> _MATERIAL SHOWN_
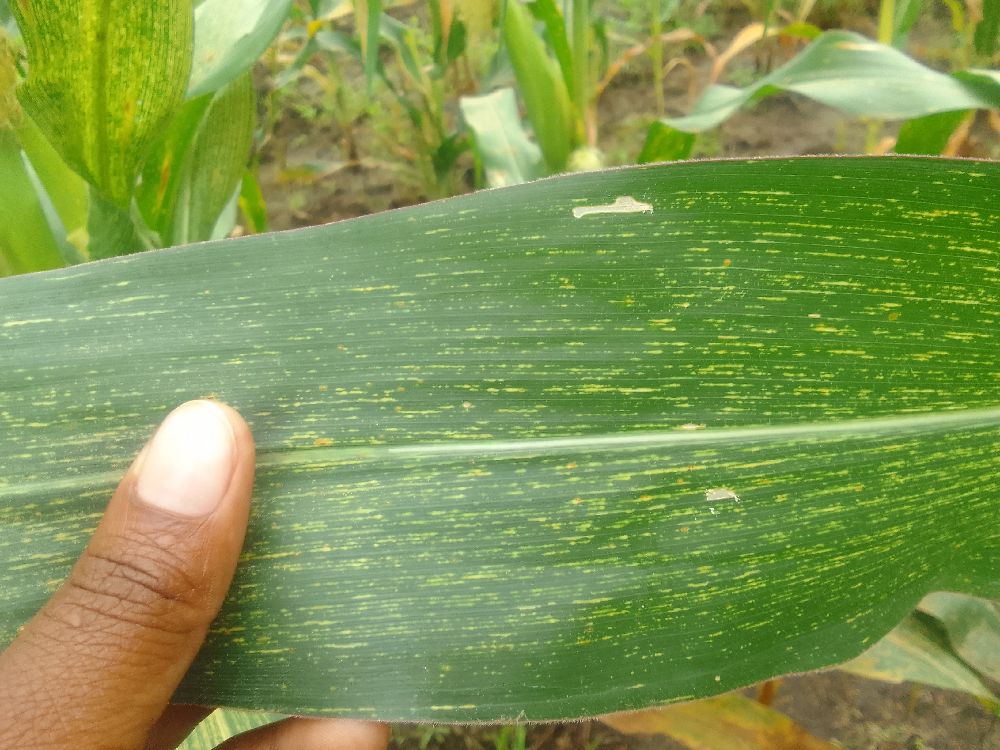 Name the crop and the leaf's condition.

maize, maize streak virus
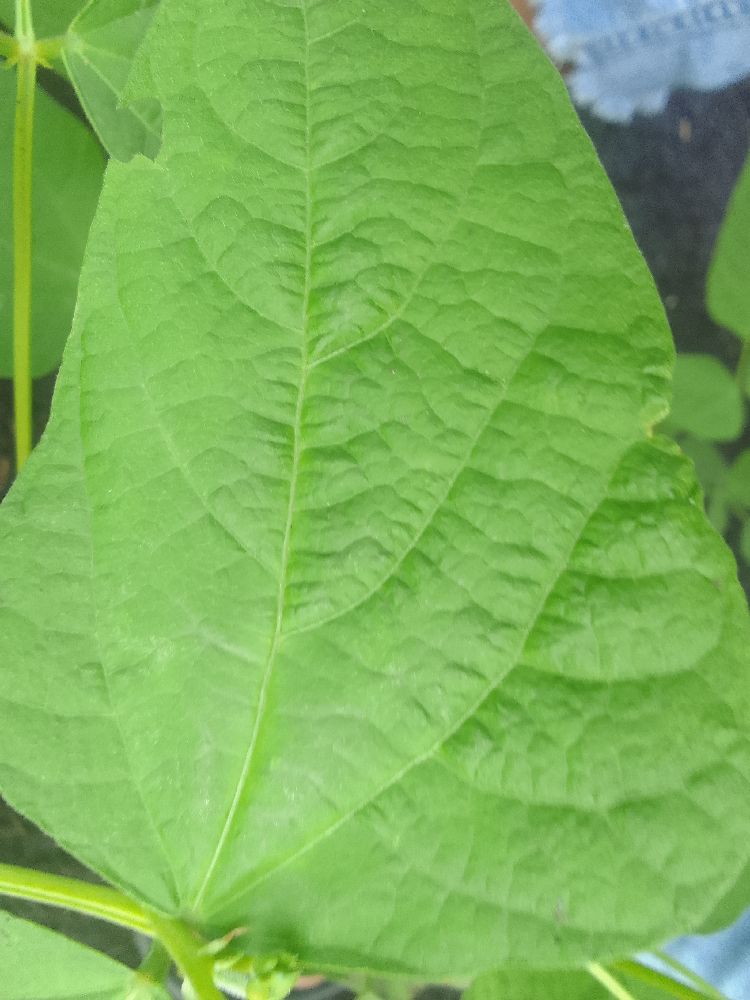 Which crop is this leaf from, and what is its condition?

common bean, healthy
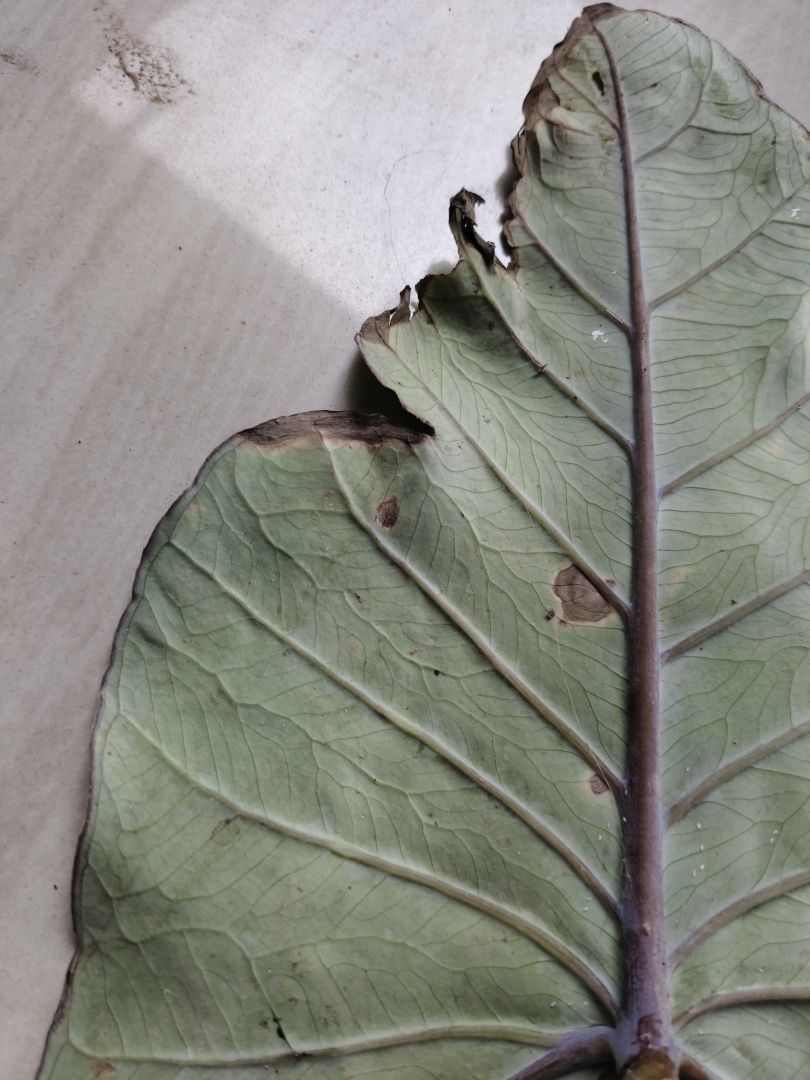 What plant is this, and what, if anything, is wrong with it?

taro, leaf blight
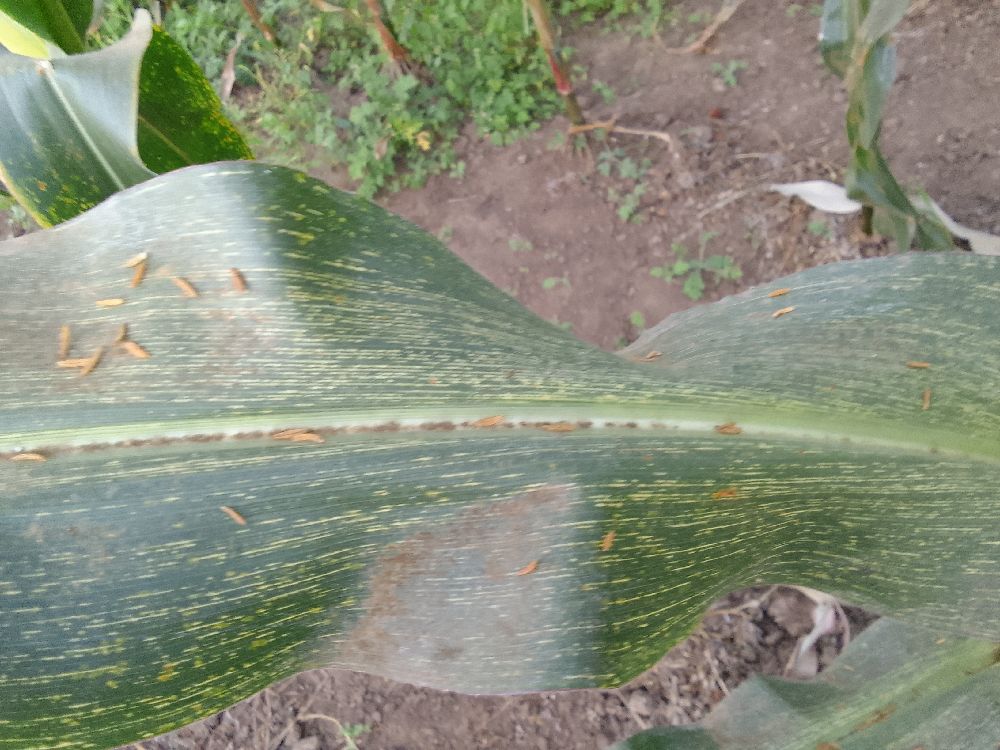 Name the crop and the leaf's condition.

maize, maize streak virus
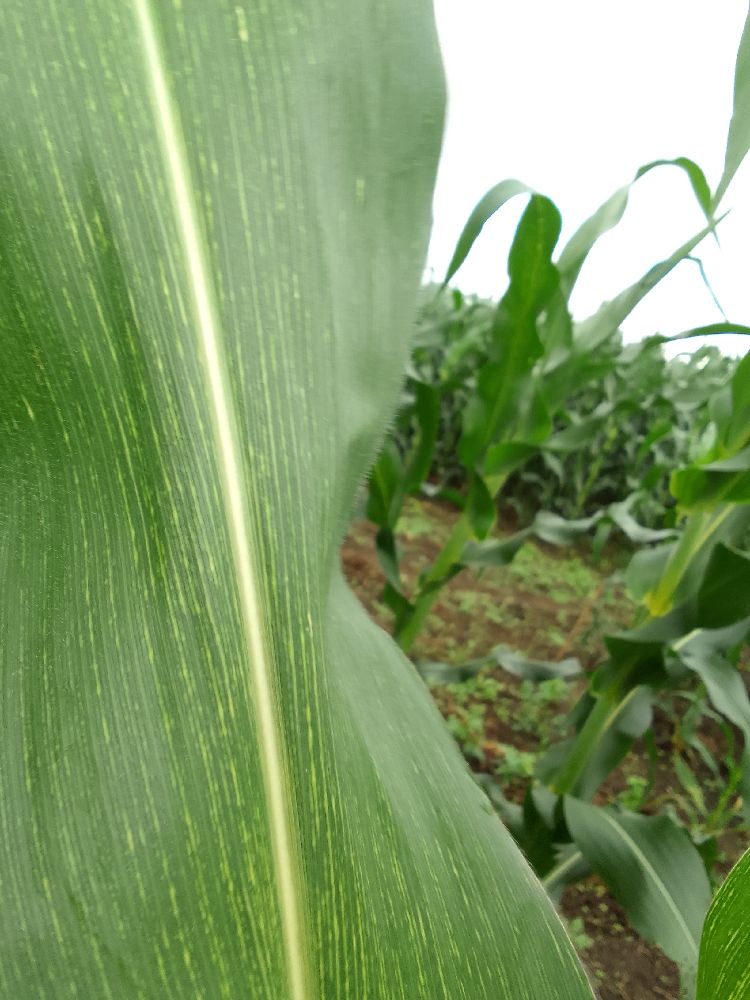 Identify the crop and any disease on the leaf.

maize, maize streak virus
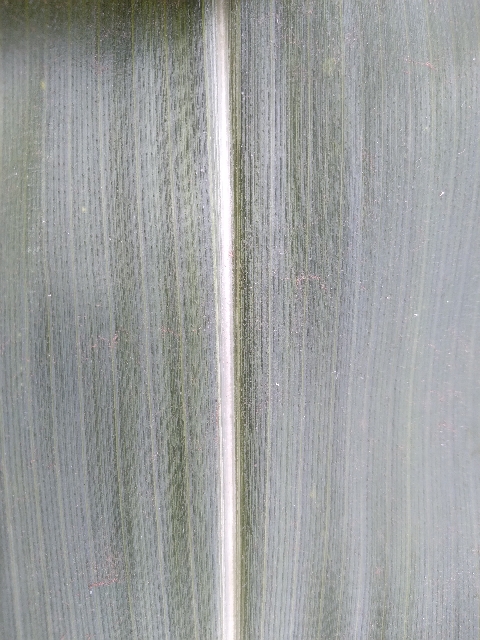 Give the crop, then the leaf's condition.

maize, healthy
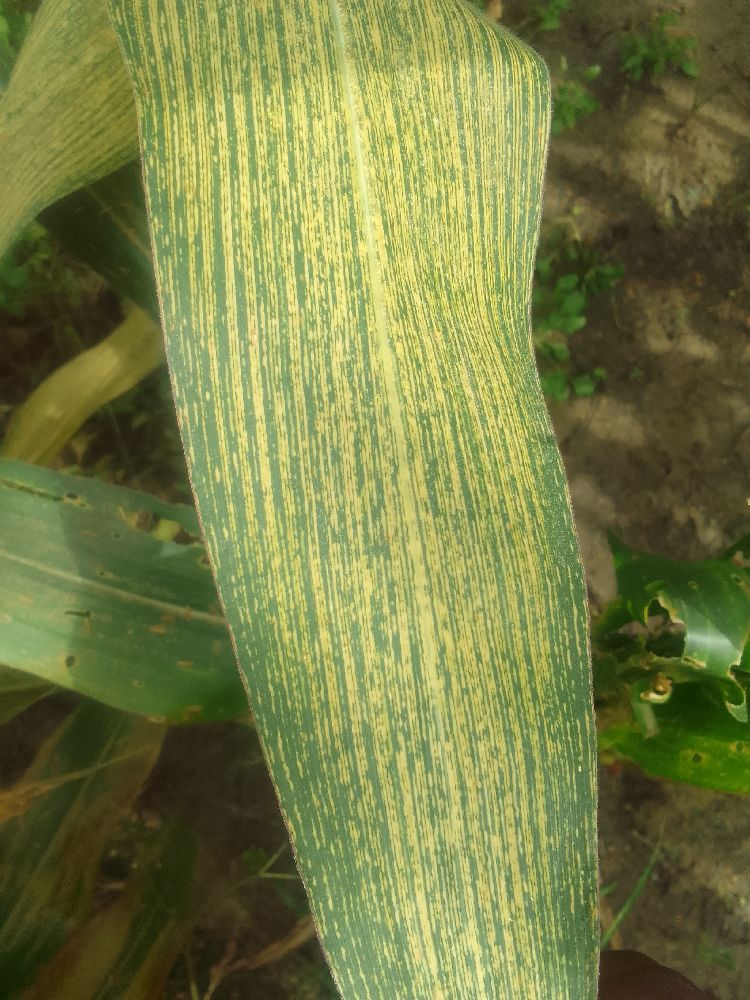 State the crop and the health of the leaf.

maize, maize streak virus
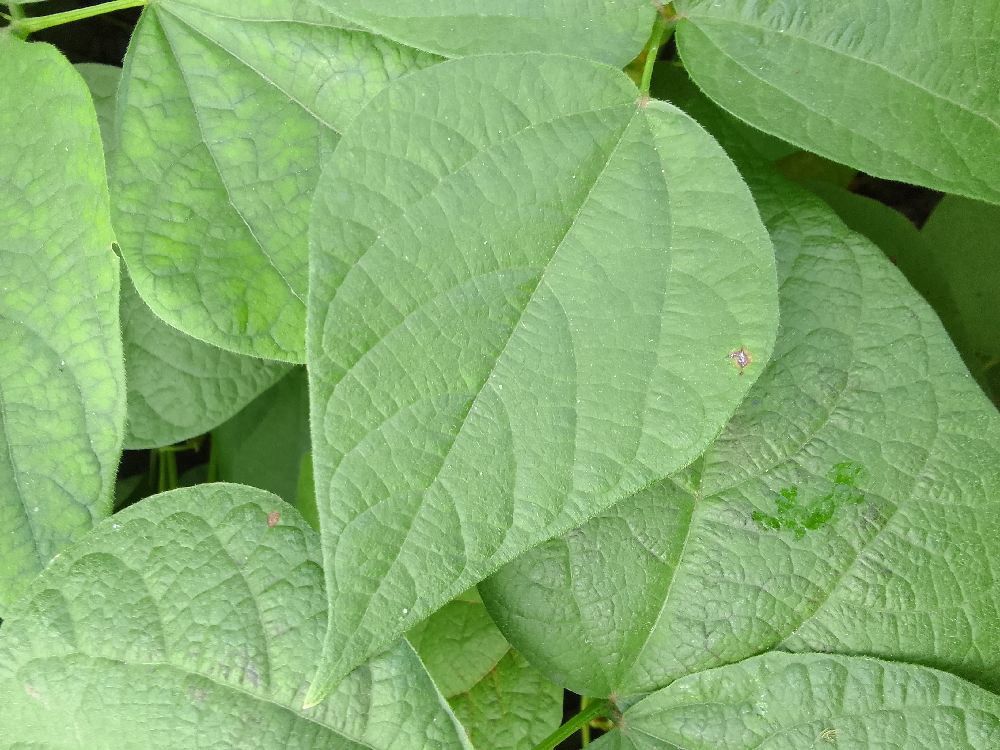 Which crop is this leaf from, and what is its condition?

common bean, healthy
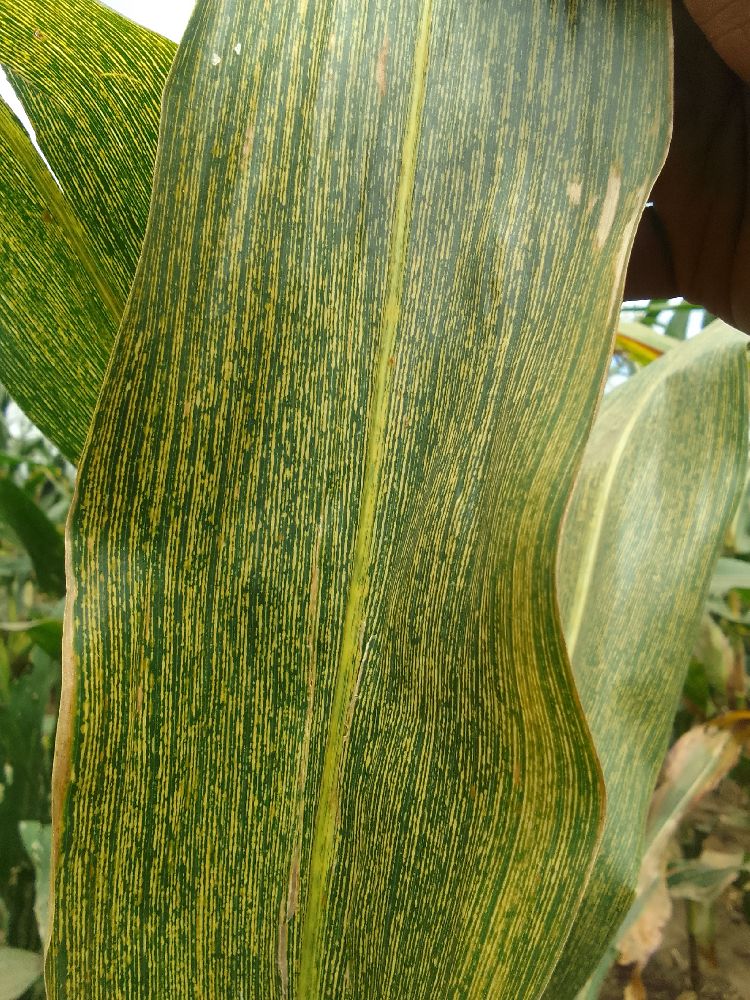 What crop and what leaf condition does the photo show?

maize, maize streak virus
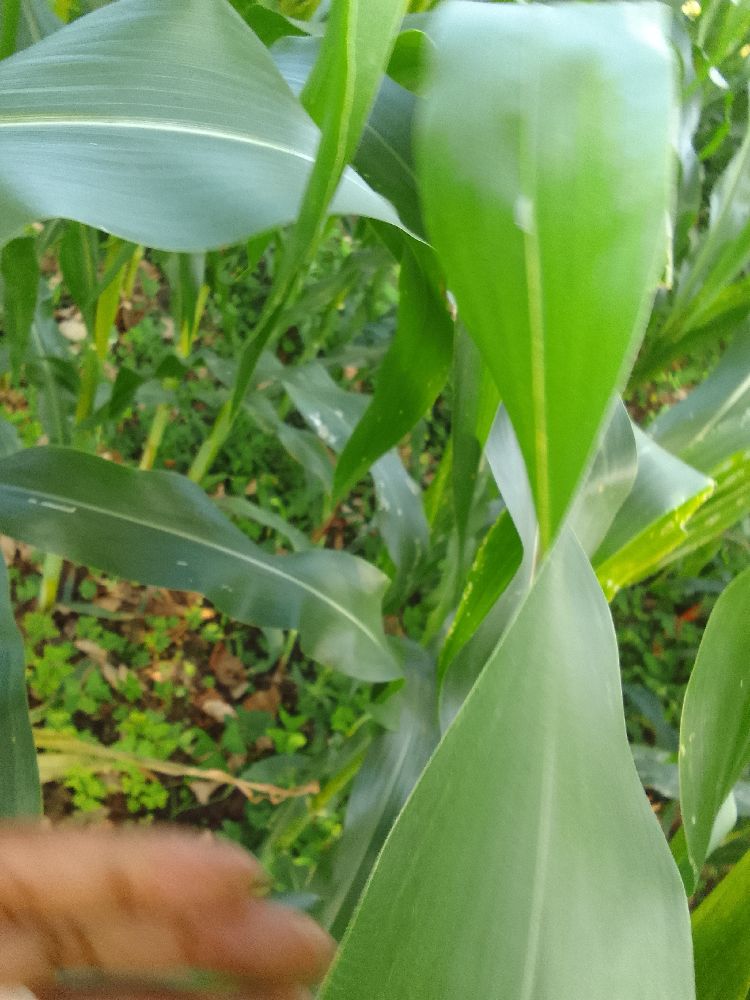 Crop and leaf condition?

maize, healthy

> _ASSIGNMENT_
A precise repetition of every entry, free of pictures, is the expected answer.

> _EXERCISE ANSWER_
 Name the crop and the leaf's condition.

maize, maize streak virus
 Which crop is this leaf from, and what is its condition?

common bean, healthy
 What plant is this, and what, if anything, is wrong with it?

taro, leaf blight
 Name the crop and the leaf's condition.

maize, maize streak virus
 Identify the crop and any disease on the leaf.

maize, maize streak virus
 Give the crop, then the leaf's condition.

maize, healthy
 State the crop and the health of the leaf.

maize, maize streak virus
 Which crop is this leaf from, and what is its condition?

common bean, healthy
 What crop and what leaf condition does the photo show?

maize, maize streak virus
 Crop and leaf condition?

maize, healthy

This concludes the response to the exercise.